> _Instructions to follow_: Return the line containing "Tactile sensor pictures;" and every line after it through the end of the entries below, with no other lines.

> _Information shown_:

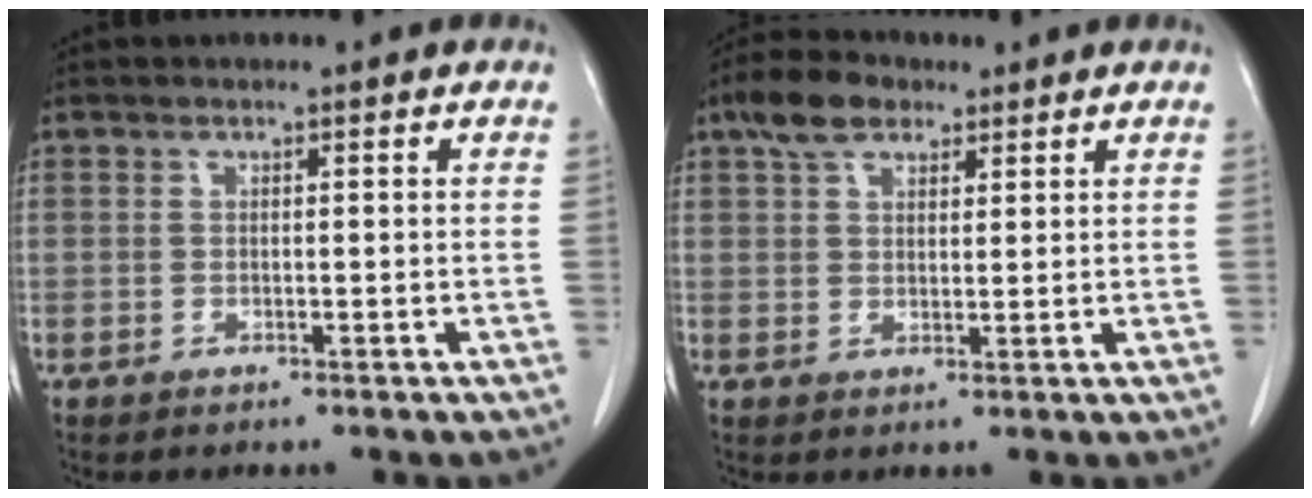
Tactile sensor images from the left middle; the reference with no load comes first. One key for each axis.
{"total": 5.9, "fx": 3.8, "fy": 3.1, "fz": 3.2, "tx": -0.064, "ty": 0.019, "tz": 0.072}
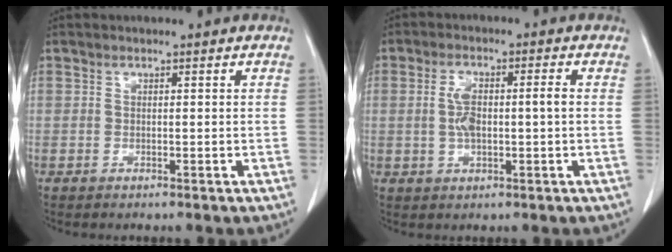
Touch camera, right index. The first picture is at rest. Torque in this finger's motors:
{"motor_torque": [0.22, -0.01, 0.13, 0.04]}
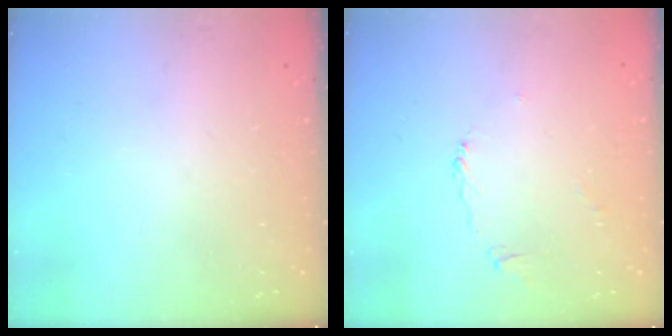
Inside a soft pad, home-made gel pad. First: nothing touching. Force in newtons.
{"total": 2.4, "press": 2.3, "slide": 0.7}
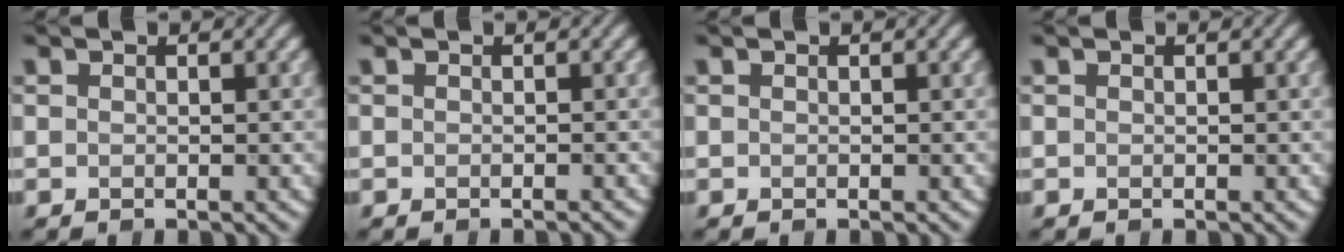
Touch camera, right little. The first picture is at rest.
{"total": 0.6, "force": [-0.5, 0.1, 0.4], "torque": [-0.002, 0.002, -0.008]}
{"total": 0.0}
{"total": 0.0}
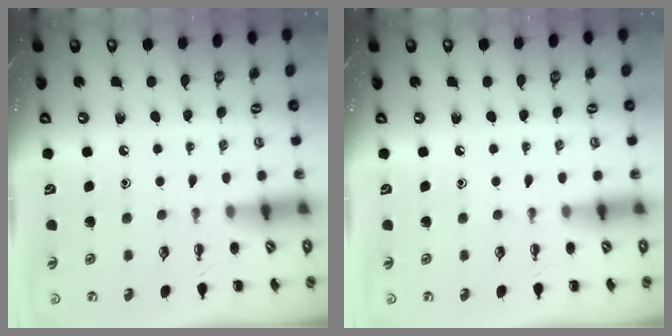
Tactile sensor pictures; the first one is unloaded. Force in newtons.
{"total": 0.0}

> _Answer section_:
Tactile sensor pictures; the first one is unloaded. Force in newtons.
{"total": 0.0}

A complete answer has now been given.